Task goal: Begin your copy at the line that holds "Amplitude noise std: 0.05" and carry it through the final line of the data, writing out each line exactly and omitting pictures.

____ Available records

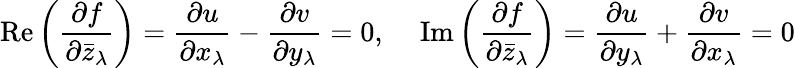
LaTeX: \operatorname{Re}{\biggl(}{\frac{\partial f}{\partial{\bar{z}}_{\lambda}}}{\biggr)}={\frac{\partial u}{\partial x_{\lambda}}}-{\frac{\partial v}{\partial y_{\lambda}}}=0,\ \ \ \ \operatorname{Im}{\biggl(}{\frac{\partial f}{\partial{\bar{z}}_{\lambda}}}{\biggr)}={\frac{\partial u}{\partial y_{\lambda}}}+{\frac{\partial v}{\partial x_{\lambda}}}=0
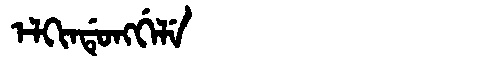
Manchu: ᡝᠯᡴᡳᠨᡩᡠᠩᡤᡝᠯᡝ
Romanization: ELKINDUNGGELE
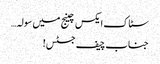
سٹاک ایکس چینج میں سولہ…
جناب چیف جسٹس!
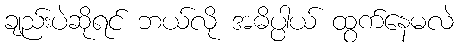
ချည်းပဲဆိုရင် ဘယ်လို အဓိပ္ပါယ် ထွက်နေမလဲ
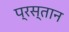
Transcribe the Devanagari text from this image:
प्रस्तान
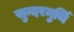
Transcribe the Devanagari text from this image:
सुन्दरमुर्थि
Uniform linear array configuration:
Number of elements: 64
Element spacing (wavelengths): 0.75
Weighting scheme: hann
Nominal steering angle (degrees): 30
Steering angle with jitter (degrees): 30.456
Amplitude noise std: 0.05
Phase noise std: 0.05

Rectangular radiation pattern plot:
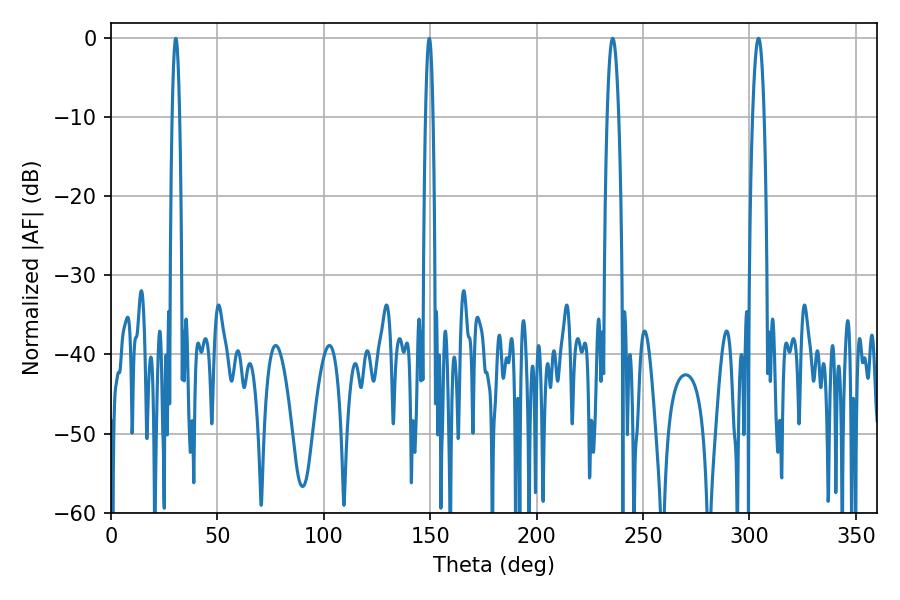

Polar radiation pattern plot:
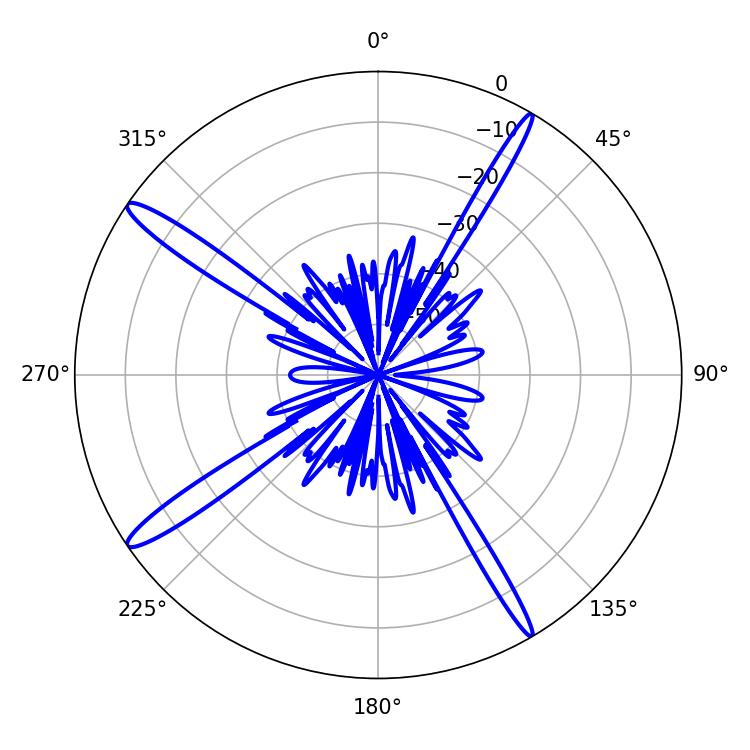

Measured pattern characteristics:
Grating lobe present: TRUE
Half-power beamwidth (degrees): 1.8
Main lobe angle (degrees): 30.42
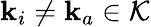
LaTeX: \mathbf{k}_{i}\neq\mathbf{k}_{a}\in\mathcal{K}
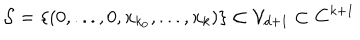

________

Reply:
Amplitude noise std: 0.05
Phase noise std: 0.05

Rectangular radiation pattern plot:

Polar radiation pattern plot:

Measured pattern characteristics:
Grating lobe present: TRUE
Half-power beamwidth (degrees): 1.8
Main lobe angle (degrees): 30.42
LaTeX: \mathbf{k}_{i}\neq\mathbf{k}_{a}\in\mathcal{K}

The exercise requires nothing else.